What the exercise asks:
In the copy, include exactly the lines from the one with "ర్యా తరంగయతి మంగళాని" through the end of the data and no others, both ends kept, with every picture left out.

Records provided:
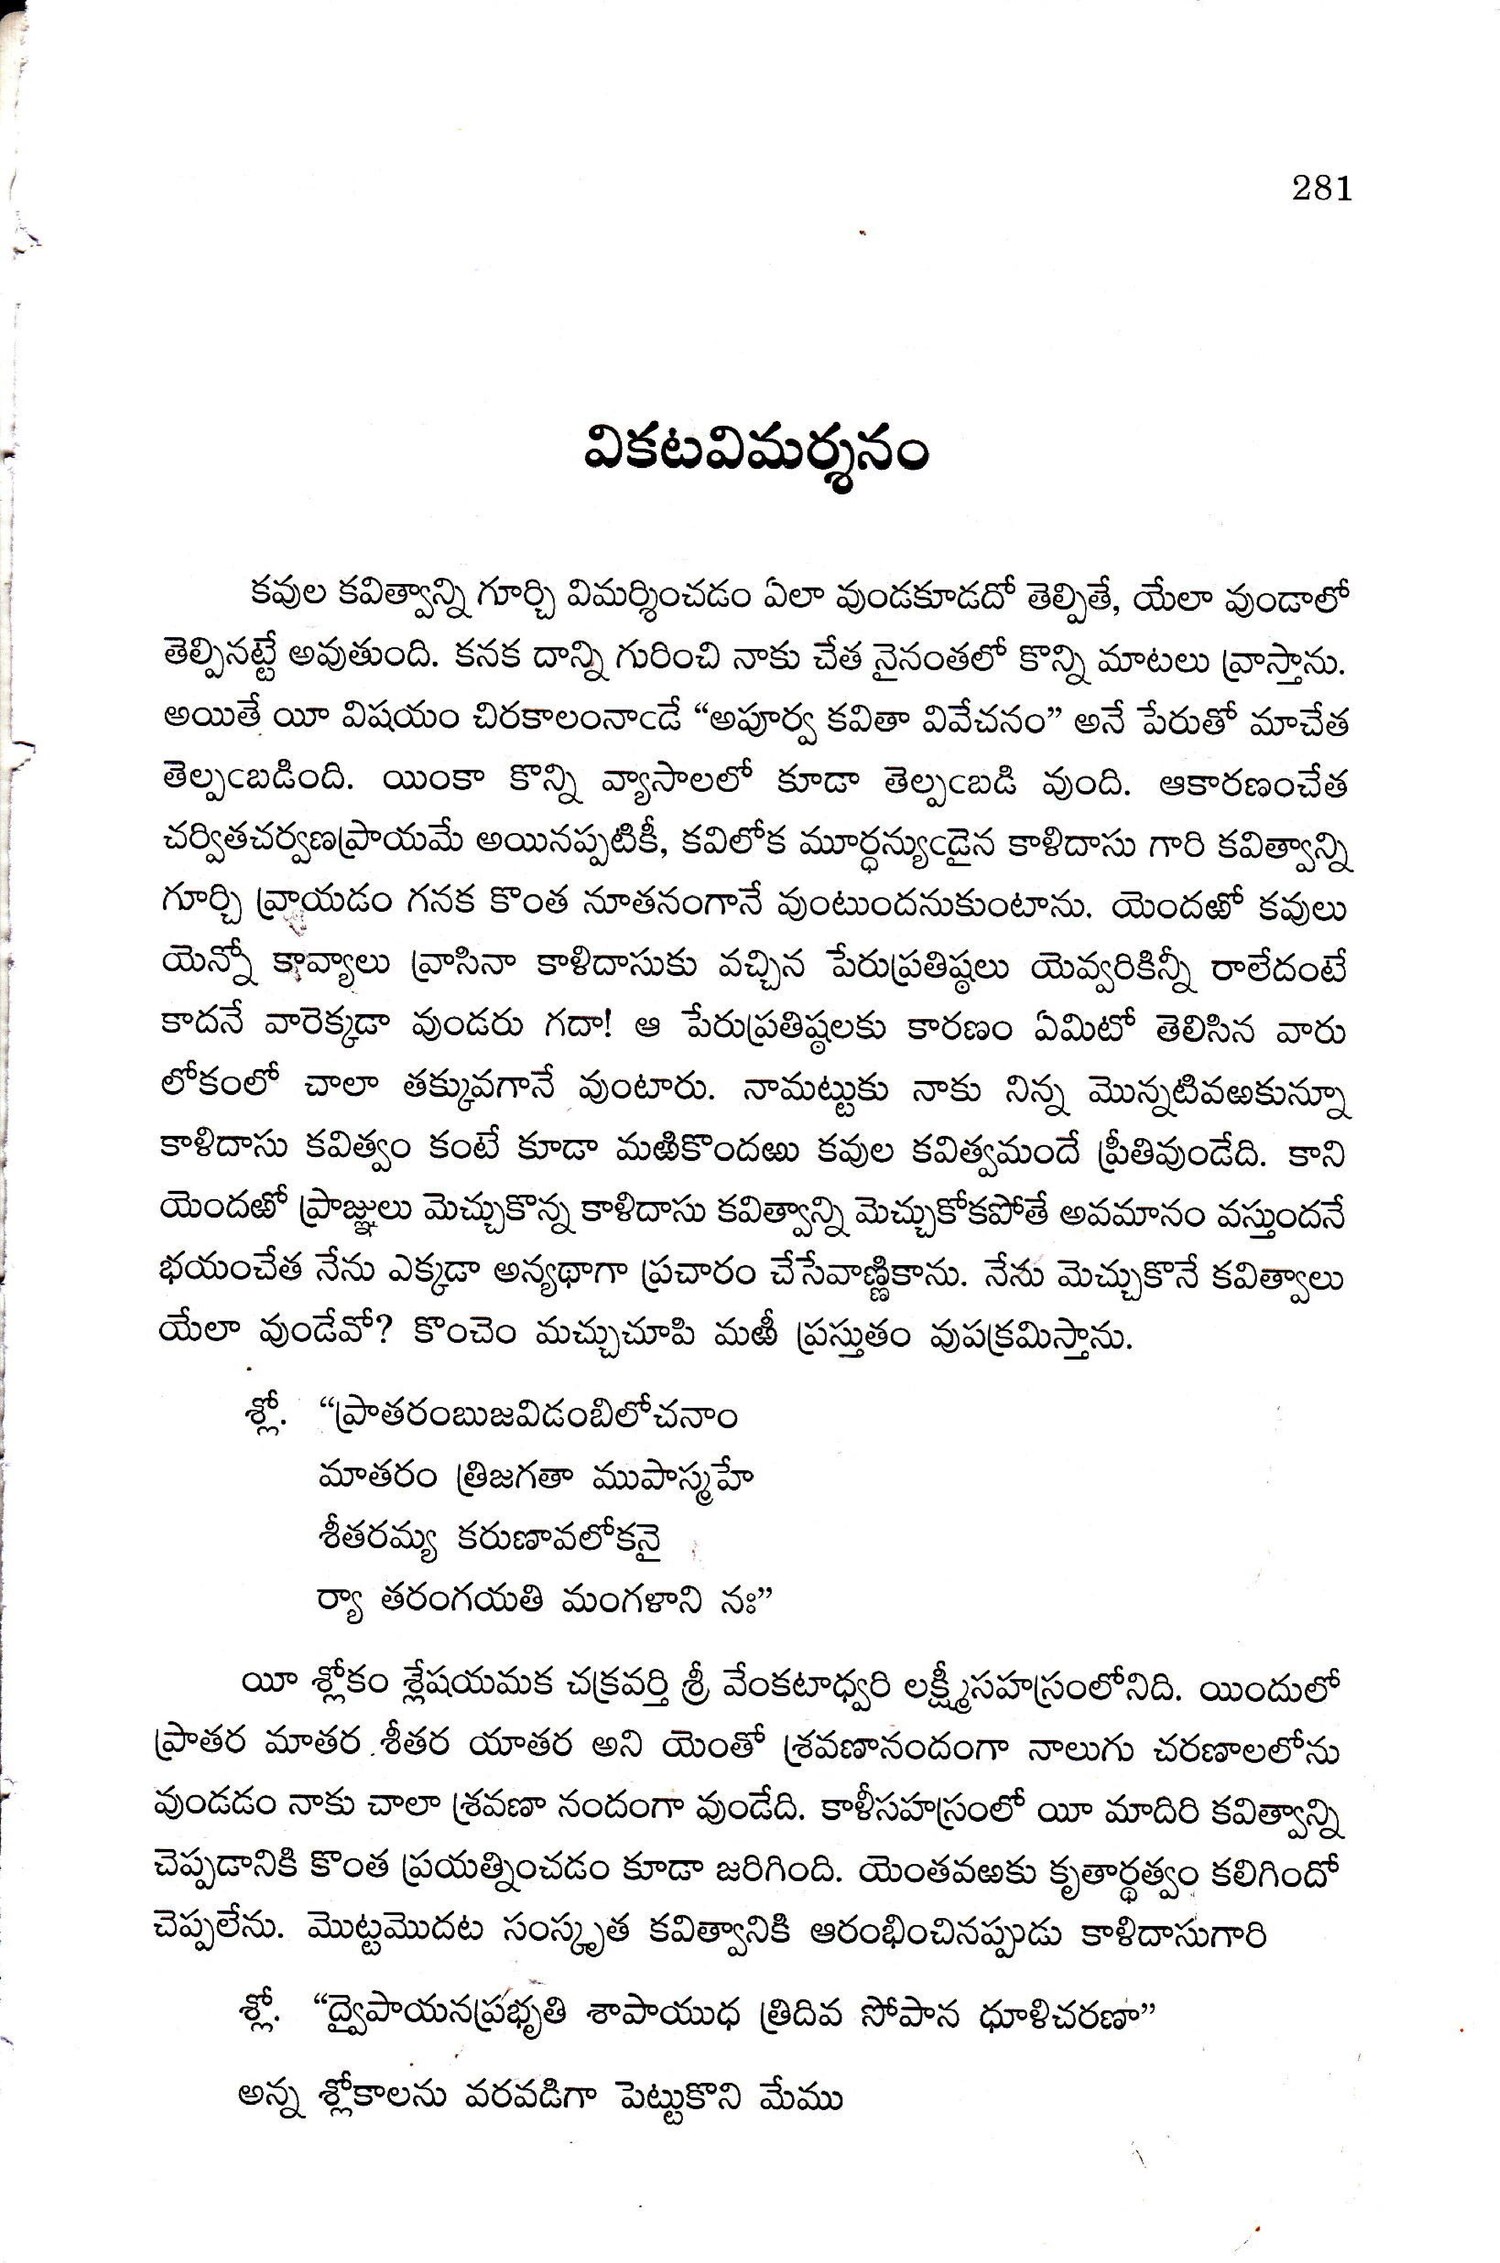వికటవిమర్శనం

కవుల కవిత్వాన్ని గూర్చి విమర్శించడం ఏలా వుండకూడదో తెల్పితే, యేలా వుండాలో తెల్పినట్టే అవుతుంది. కనక దాన్ని గురించి నాకు చేతనైనంతలో కొన్ని మాటలు వ్రాస్తాను. అయితే యీ విషయం చిరకాలంనాఁడే “అపూర్వ కవితా వివేచనం” అనే పేరుతో మాచేత తెల్పఁబడింది. యింకా కొన్ని వ్యాసాలలో కూడా తెల్పఁబడి వుంది. ఆకారణంచేత చర్వితచర్వణప్రాయమే అయినప్పటికీ, కవిలోక మూర్ధన్యుఁడైన కాళిదాసు గారి కవిత్వాన్ని గూర్చి వ్రాయడం గనక కొంత నూతనంగానే వుంటుందనుకుంటాను. యెందఱో కవులు యెన్నో కావ్యాలు వ్రాసినా కాళిదాసుకు వచ్చిన పేరుప్రతిష్ఠలు యెవ్వరికిన్నీ రాలేదంటే కాదనే వారెక్కడా వుండరు గదా! ఆ పేరుప్రతిష్ఠలకు కారణం ఏమిటో తెలిసిన వారు లోకంలో చాలా తక్కువగానే వుంటారు. నామట్టుకు నాకు నిన్న మొన్నటివఱకున్నూ కాళిదాసు కవిత్వం కంటే కూడా మణికొందఱు కవుల కవిత్వమందే ప్రీతివుండేది. కాని యెందఱో ప్రాజ్ఞులు మెచ్చుకొన్న కాళిదాసు కవిత్వాన్ని మెచ్చుకోకపోతే అవమానం వస్తుందనే భయంచేత నేను ఎక్కడా అన్యథాగా ప్రచారం చేసేవాణ్ణికాను. నేను మెచ్చుకొనే కవిత్వాలు యేలా వుండేవో? కొంచెం మచ్చుచూపి మఱీ ప్రస్తుతం వుపక్రమిస్తాను.

శ్లో. “ప్రాతరంబుజవిడంబిలోచనాం
 మాతరం త్రిజగతా ముపాస్మహే 
 శీతరమ్య కరుణావలోకనై 
 ర్యా తరంగయతి మంగళాని నః"
యీ శ్లోకం శ్లేషయమక చక్రవర్తి శ్రీ వేంకటాధ్వరి లక్ష్మీసహస్రంలోనిది. యిందులో ప్రాతర మాతర శీతర యాతర అని యెంతో శ్రవణానందంగా నాలుగు చరణాలలోను వుండడం నాకు చాలా శ్రవణా నందంగా వుండేది. కాళీసహస్రంలో యీ మాదిరి కవిత్వాన్ని చెప్పడానికి కొంత ప్రయత్నించడం కూడా జరిగింది. యెంతవఱకు కృతార్థత్వం కలిగిందో చెప్పలేను. మొట్టమొదట సంస్కృత కవిత్వానికి ఆరంభించినప్పుడు కాళిదాసుగారి

శ్లో. "ద్వైపాయనప్రభృతి శాపాయుధ త్రిదివ సోపాన ధూళిచరణా" 
అన్న శ్లోకాలను వరవడిగా పెట్టుకొని మేము
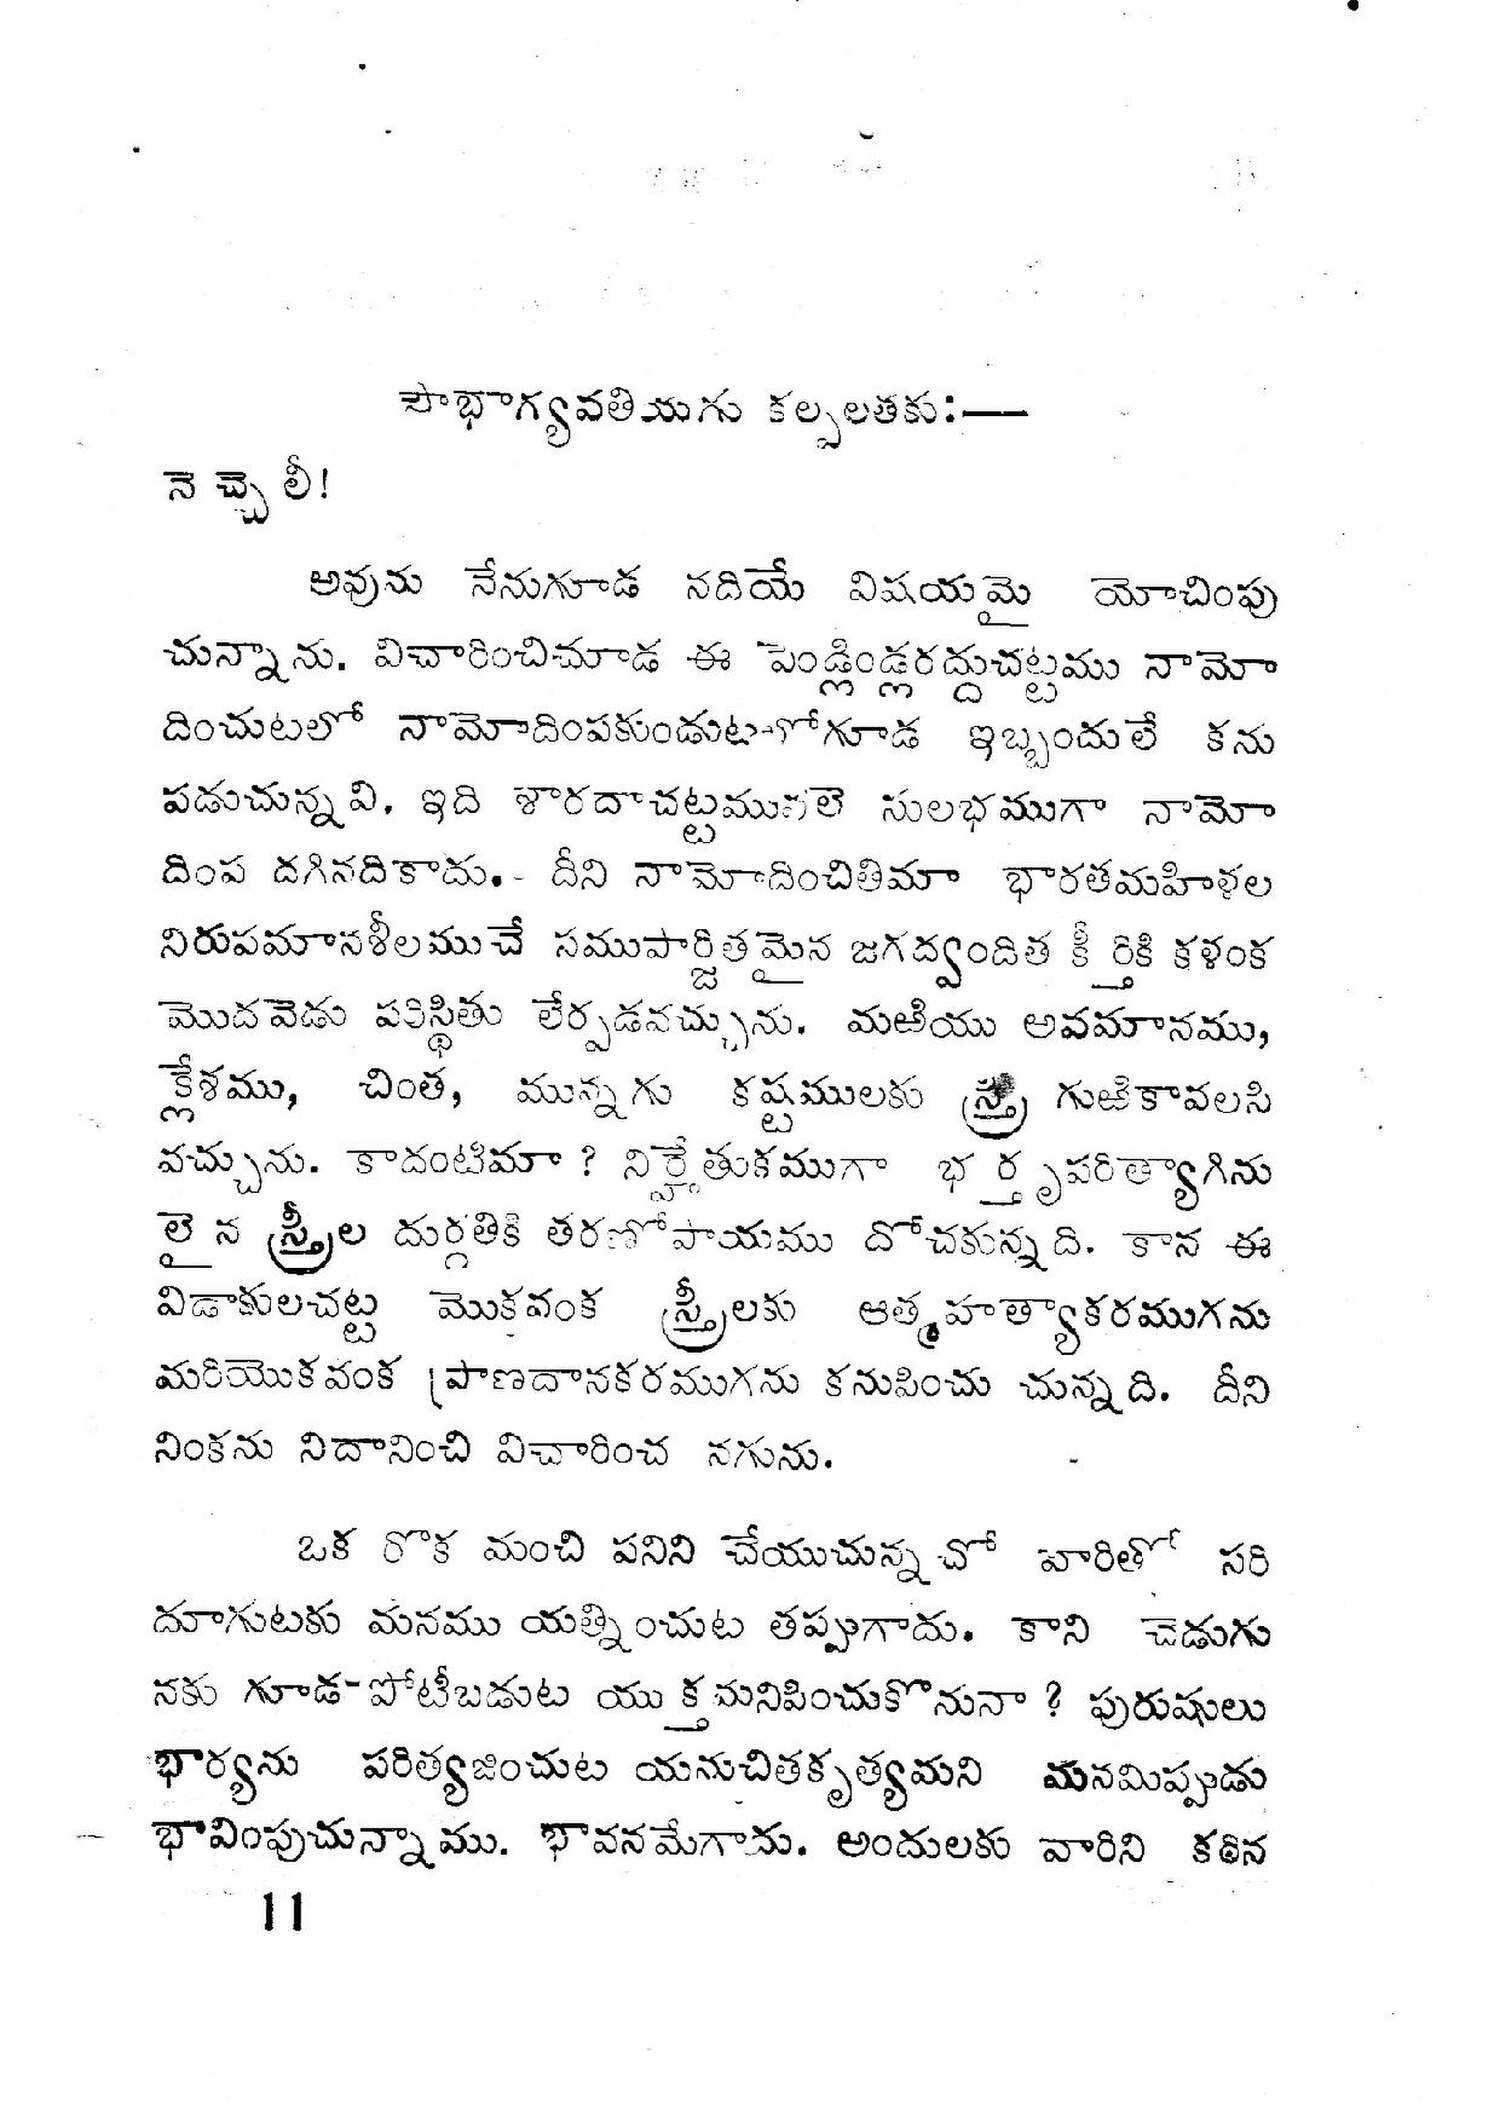నెచ్చెలీ !

అవును నేనుగూడ నదియే విషయమై యోచింపుచున్నాను. విచారించిచూడ ఈ పెండ్లిండ్లరద్దుచట్టము నామోదించుటలో నామోదింపకుండుటలోగూడ ఇబ్బందులే కనుపడుచున్నవి. ఇది శారదాచట్టమువలె సులభముగా నామోదింప దగినదికాదు. దీని నామోదించితిమా భారతమహిళల నిరుపమానశీలముచే సముపార్జితమైన జగద్వందిత కీర్తికి కళంకమొదవెడు పరిస్థితు లేర్పడవచ్చును. మఱియు అవమానము,
క్లేశము, చింత, మున్నగు కష్టములకు స్త్రీ గుఱికావలసి వచ్చును. కాదంటిమా? నిర్హేతుకముగా భర్తృపరిత్యాగినులైన స్త్రీల దుర్గతికి తరణోపాయము దోచుకున్నది. కాన ఈ విడాకులచట్ట మొకవంక స్త్రీలకు ఆత్మహత్యాకరముగను మరియొకవంక ప్రాణదానకరముగను కనుపించు చున్నది. దీని నింకను నిదానించి విచారించ నగును.

ఒక రొక మంచి పనిని చేయుచున్నచో వారితో సరిదూగుటకు మనము యత్నించుట తప్పుగాదు. కాని చెడుగునకు గూడ పోటీబడుట యుక్తమనిపించుకొనునా? పురుషులు భార్యను పరిత్యజించుట యనుచితకృత్యమని మనమిప్పుడు భావింపుచున్నాము. భావనమేగాదు. అందులకు వారిని కఠిన

Response:
 ర్యా తరంగయతి మంగళాని నః"
యీ శ్లోకం శ్లేషయమక చక్రవర్తి శ్రీ వేంకటాధ్వరి లక్ష్మీసహస్రంలోనిది. యిందులో ప్రాతర మాతర శీతర యాతర అని యెంతో శ్రవణానందంగా నాలుగు చరణాలలోను వుండడం నాకు చాలా శ్రవణా నందంగా వుండేది. కాళీసహస్రంలో యీ మాదిరి కవిత్వాన్ని చెప్పడానికి కొంత ప్రయత్నించడం కూడా జరిగింది. యెంతవఱకు కృతార్థత్వం కలిగిందో చెప్పలేను. మొట్టమొదట సంస్కృత కవిత్వానికి ఆరంభించినప్పుడు కాళిదాసుగారి

శ్లో. "ద్వైపాయనప్రభృతి శాపాయుధ త్రిదివ సోపాన ధూళిచరణా" 
అన్న శ్లోకాలను వరవడిగా పెట్టుకొని మేము
నెచ్చెలీ !

అవును నేనుగూడ నదియే విషయమై యోచింపుచున్నాను. విచారించిచూడ ఈ పెండ్లిండ్లరద్దుచట్టము నామోదించుటలో నామోదింపకుండుటలోగూడ ఇబ్బందులే కనుపడుచున్నవి. ఇది శారదాచట్టమువలె సులభముగా నామోదింప దగినదికాదు. దీని నామోదించితిమా భారతమహిళల నిరుపమానశీలముచే సముపార్జితమైన జగద్వందిత కీర్తికి కళంకమొదవెడు పరిస్థితు లేర్పడవచ్చును. మఱియు అవమానము,
క్లేశము, చింత, మున్నగు కష్టములకు స్త్రీ గుఱికావలసి వచ్చును. కాదంటిమా? నిర్హేతుకముగా భర్తృపరిత్యాగినులైన స్త్రీల దుర్గతికి తరణోపాయము దోచుకున్నది. కాన ఈ విడాకులచట్ట మొకవంక స్త్రీలకు ఆత్మహత్యాకరముగను మరియొకవంక ప్రాణదానకరముగను కనుపించు చున్నది. దీని నింకను నిదానించి విచారించ నగును.

ఒక రొక మంచి పనిని చేయుచున్నచో వారితో సరిదూగుటకు మనము యత్నించుట తప్పుగాదు. కాని చెడుగునకు గూడ పోటీబడుట యుక్తమనిపించుకొనునా? పురుషులు భార్యను పరిత్యజించుట యనుచితకృత్యమని మనమిప్పుడు భావింపుచున్నాము. భావనమేగాదు. అందులకు వారిని కఠిన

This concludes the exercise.